See the possibilities of working with pan-tilt-zoom cameras using the ONVIF protocol.

DataFromSky avatar
Written by DataFromSky
Updated over a week ago

Normally, FLOW operates under the assumption that the cameras view the scene at a constant angle all the time. If e.g. someone moved the camera by hand to the left while FLOW is analyzing its video feed, it would seem to FLOW that all traffic objects suddenly moved to the right. The same principle goes for cameras using a pan-tilt-zoom capability to move on their own. Luckily, there's a way that lets FLOW deal with the latter case and unlock new opportunities that PTZ cameras bring compared to static ones.

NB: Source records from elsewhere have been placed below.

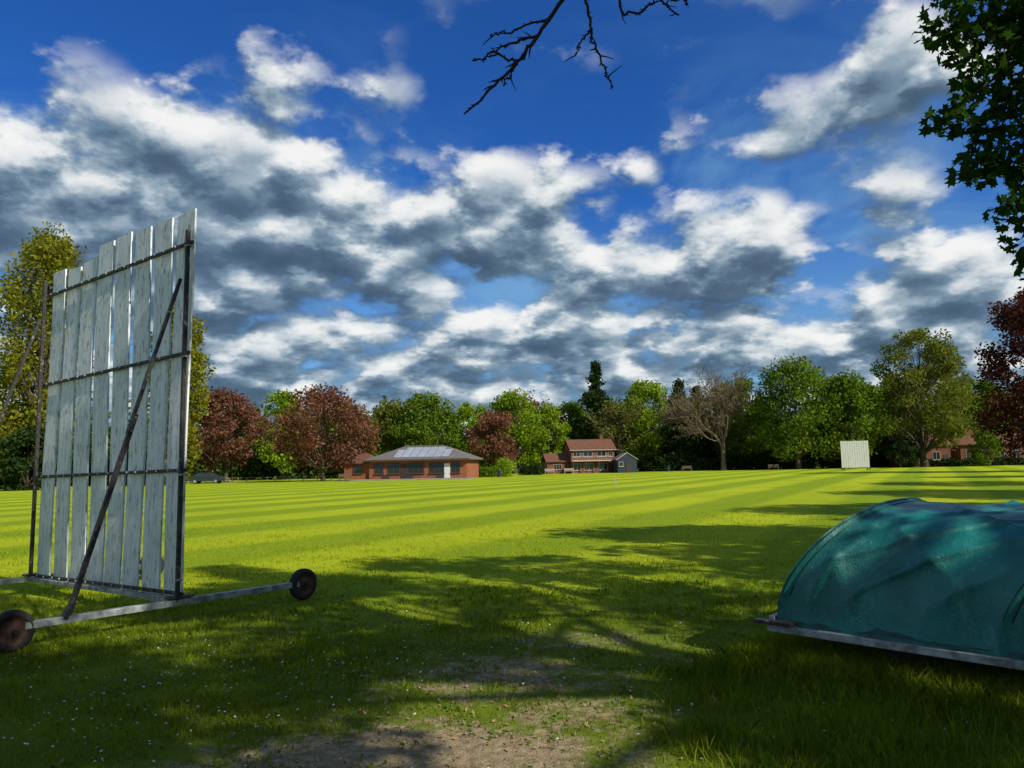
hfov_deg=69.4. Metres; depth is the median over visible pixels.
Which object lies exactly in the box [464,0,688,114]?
bare ash tree
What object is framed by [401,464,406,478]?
door
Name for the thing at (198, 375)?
poplar tree
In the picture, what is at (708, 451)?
conifer tree
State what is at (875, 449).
undergrowth
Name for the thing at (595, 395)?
conifer tree
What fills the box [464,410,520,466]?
copper plum tree
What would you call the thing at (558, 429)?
deciduous tree
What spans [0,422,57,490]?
holly tree
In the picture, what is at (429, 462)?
cricket pavilion
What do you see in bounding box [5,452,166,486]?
hedge
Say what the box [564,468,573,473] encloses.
park bench
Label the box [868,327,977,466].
deciduous tree
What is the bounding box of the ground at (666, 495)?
[0,465,1023,767]
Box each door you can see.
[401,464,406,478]
[444,463,449,477]
[609,463,612,472]
[626,461,630,472]
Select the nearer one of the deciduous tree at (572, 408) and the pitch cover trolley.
the pitch cover trolley
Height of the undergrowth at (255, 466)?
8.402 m
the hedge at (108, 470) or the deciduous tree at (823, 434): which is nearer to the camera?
the hedge at (108, 470)
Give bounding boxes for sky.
[0,0,1023,449]
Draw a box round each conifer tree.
[569,360,622,456]
[661,378,705,467]
[688,385,719,459]
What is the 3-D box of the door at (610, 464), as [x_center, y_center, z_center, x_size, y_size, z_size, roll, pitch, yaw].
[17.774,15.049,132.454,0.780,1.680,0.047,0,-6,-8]
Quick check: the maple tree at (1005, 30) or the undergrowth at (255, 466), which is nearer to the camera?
the maple tree at (1005, 30)
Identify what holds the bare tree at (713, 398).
on the ground at (666, 495)
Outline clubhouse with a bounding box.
[541,435,616,473]
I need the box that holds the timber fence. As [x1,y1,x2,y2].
[188,475,331,482]
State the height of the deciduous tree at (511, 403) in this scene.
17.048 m
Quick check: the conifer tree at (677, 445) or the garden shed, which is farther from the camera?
the conifer tree at (677, 445)
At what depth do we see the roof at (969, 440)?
133.76 m
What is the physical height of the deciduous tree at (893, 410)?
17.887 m
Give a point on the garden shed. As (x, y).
(625, 462)
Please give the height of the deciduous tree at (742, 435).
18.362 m
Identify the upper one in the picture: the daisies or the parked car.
the parked car
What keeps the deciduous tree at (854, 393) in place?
on the ground at (666, 495)
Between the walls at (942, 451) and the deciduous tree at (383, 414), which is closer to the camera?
the walls at (942, 451)
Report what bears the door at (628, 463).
in the garden shed
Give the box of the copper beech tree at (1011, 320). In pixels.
[971,286,1023,459]
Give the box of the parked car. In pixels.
[188,473,224,483]
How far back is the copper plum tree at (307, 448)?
98.43 m
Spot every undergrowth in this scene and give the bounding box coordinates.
[186,436,346,480]
[383,443,553,472]
[630,426,1023,470]
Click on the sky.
(754, 182)
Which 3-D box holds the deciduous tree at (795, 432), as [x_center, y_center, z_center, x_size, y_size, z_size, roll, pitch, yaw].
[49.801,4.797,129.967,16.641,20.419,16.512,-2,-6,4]
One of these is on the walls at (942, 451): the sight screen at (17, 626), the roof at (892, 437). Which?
the roof at (892, 437)
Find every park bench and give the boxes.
[339,474,351,480]
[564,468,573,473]
[768,464,778,469]
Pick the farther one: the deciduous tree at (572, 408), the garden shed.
the deciduous tree at (572, 408)
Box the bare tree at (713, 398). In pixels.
[648,363,757,470]
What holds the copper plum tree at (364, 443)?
on the ground at (666, 495)
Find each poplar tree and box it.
[0,221,93,488]
[147,295,216,480]
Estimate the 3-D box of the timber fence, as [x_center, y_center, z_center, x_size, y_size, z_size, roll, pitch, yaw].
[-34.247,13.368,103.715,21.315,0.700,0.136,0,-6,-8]
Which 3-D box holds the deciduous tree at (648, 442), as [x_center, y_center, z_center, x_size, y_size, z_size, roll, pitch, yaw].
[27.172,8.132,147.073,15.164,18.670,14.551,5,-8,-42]
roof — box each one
[879,435,950,445]
[954,433,1021,444]
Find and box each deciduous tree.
[0,368,30,469]
[252,388,318,479]
[324,403,380,455]
[367,398,420,455]
[388,391,463,449]
[445,401,488,466]
[480,388,551,473]
[528,402,571,465]
[548,400,589,451]
[611,377,670,470]
[704,376,775,461]
[746,353,848,468]
[797,369,901,468]
[813,381,853,466]
[833,382,890,467]
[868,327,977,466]
[877,382,924,450]
[896,362,981,434]
[947,377,1010,433]
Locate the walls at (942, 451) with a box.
[881,445,950,466]
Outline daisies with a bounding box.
[0,593,967,767]
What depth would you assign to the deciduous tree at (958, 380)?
142.29 m
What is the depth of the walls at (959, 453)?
132.99 m
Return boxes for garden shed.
[612,452,637,472]
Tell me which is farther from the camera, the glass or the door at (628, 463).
the glass
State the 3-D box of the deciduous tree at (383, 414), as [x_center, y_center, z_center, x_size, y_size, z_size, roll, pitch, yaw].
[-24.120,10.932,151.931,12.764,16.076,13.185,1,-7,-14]
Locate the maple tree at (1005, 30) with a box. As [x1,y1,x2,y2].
[911,0,1023,280]
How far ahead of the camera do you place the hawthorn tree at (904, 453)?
124.03 m
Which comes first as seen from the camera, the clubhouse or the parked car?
the parked car
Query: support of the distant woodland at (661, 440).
on the ground at (666, 495)
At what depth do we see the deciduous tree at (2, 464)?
91.71 m
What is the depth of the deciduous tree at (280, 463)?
119.92 m
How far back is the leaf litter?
4.83 m
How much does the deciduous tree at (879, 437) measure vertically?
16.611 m
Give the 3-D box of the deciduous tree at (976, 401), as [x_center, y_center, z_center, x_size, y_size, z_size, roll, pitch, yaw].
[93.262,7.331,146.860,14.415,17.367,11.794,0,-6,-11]
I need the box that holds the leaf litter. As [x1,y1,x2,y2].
[18,609,922,767]
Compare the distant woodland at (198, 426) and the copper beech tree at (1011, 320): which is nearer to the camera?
the copper beech tree at (1011, 320)
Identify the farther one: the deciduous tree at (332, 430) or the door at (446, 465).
the deciduous tree at (332, 430)
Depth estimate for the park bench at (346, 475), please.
96.56 m
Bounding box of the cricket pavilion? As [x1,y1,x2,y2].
[335,445,482,480]
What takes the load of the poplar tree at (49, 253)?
on the ground at (666, 495)
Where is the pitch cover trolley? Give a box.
[753,497,1023,670]
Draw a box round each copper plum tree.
[188,386,271,482]
[260,382,381,480]
[340,417,379,460]
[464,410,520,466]
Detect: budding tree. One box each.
[503,390,568,448]
[584,392,657,455]
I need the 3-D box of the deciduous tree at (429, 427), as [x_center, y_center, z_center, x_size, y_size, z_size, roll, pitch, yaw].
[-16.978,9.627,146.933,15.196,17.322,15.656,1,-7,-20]
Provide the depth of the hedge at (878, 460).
136.46 m
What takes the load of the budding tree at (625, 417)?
on the ground at (666, 495)
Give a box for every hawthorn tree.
[883,435,925,467]
[967,430,1005,465]
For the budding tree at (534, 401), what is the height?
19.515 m
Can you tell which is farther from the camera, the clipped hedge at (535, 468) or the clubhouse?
the clubhouse
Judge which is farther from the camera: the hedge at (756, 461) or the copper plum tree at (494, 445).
the hedge at (756, 461)
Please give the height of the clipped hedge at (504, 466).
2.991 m
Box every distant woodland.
[0,390,453,476]
[459,393,944,468]
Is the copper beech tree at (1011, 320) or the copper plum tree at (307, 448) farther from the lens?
the copper plum tree at (307, 448)
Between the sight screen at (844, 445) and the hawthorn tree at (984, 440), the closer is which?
the sight screen at (844, 445)
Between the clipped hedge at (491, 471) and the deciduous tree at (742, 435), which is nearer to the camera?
the clipped hedge at (491, 471)
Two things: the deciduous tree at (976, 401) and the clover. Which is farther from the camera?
the deciduous tree at (976, 401)
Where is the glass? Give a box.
[933,452,939,458]
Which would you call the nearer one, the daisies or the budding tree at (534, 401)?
the daisies
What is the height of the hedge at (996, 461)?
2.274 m
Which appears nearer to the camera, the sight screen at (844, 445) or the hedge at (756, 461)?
the sight screen at (844, 445)
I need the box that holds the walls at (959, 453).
[950,444,1023,464]
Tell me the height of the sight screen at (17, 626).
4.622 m
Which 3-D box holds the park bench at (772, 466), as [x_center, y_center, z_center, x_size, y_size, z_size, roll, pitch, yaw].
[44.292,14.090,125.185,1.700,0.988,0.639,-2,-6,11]
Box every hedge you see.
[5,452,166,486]
[479,464,498,476]
[494,457,512,476]
[518,462,544,474]
[639,445,816,471]
[817,447,889,467]
[928,455,1023,466]
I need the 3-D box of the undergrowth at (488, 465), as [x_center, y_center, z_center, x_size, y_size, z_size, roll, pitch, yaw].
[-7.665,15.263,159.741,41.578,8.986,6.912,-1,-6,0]
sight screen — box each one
[0,208,316,652]
[840,441,870,469]
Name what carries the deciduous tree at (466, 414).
on the ground at (666, 495)
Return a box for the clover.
[1,580,934,767]
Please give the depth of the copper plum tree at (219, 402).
102.76 m
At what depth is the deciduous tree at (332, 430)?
139.18 m

Most PTZ cameras use the ONVIF PTZ protocol to control and report their position. With the correct setup, a FLOW block can read this position in real-time and react to its changes. Once you set a camera's home position in FLOW Insights, the BLOCK makes sure to stop analyzing the video feed each time the camera moves out of this position and resume analysis when the camera gets back. Let's see how to set this up in detail. Of course, first you need to set up your own PTZ camera an have it accessible through the network.

Basic setup

Go to the Analytics overview and create a new analytic, or edit an existing one. You create a new one by clicking on Add source in the top right corner. Enable Connect to a PTZ data stream and enter the corresponding credentials and IP addresses.

Once you've created the analytic, enter it, go to Analytic settings, and select the PTZ settings section.

Here you can find confirmation that the camera positions are received by FLOW. You can also set up the camera's home position. That means once the camera starts moving, the analytic is stopped until the camera gets back to the specified position and stops for at least one second—then the analytic is resumed.

Multiple home positions

You may want your PTZ camera to follow a more complex movement pattern, like:

  1. Move to position A, spend x seconds stationary

  2. Move to position B, spend y seconds stationary

  3. Move to position C, spend z seconds stationary

  4. Repeat

It's possible to analyze the traffic at each position. First, you need to go to the camera web interface and set up the movements between the desired positions. Then all that is left to do in FLOW insights is to set up a new analytic for each position you want to analyze. Make sure to use the same RTSP and ONVIF source strings. Then you can set up a different Home position and possibly operator layout for each new analytic.

Possible use cases

The power of setting up PTZ capability in FLOW lies in freeing the camera to watch a larger portion of the scene and perform multiple tasks. It also allows an operator of a mostly static camera to zoom in on a particular area of interest at any time without introducing false data into the analytics.

Once the camera starts moving, you can consider the trajectories that were tracked up to that point to be closed. To be more precise, the trajectories are interrupted and won't continue, but they'll be formally closed after a five-minute period. This somewhat limits the possible use cases—for example, a PTZ camera watching a parking lot would consider cars parked for a long time to be new traffic objects and trajectories each time it moves away and back to its home position.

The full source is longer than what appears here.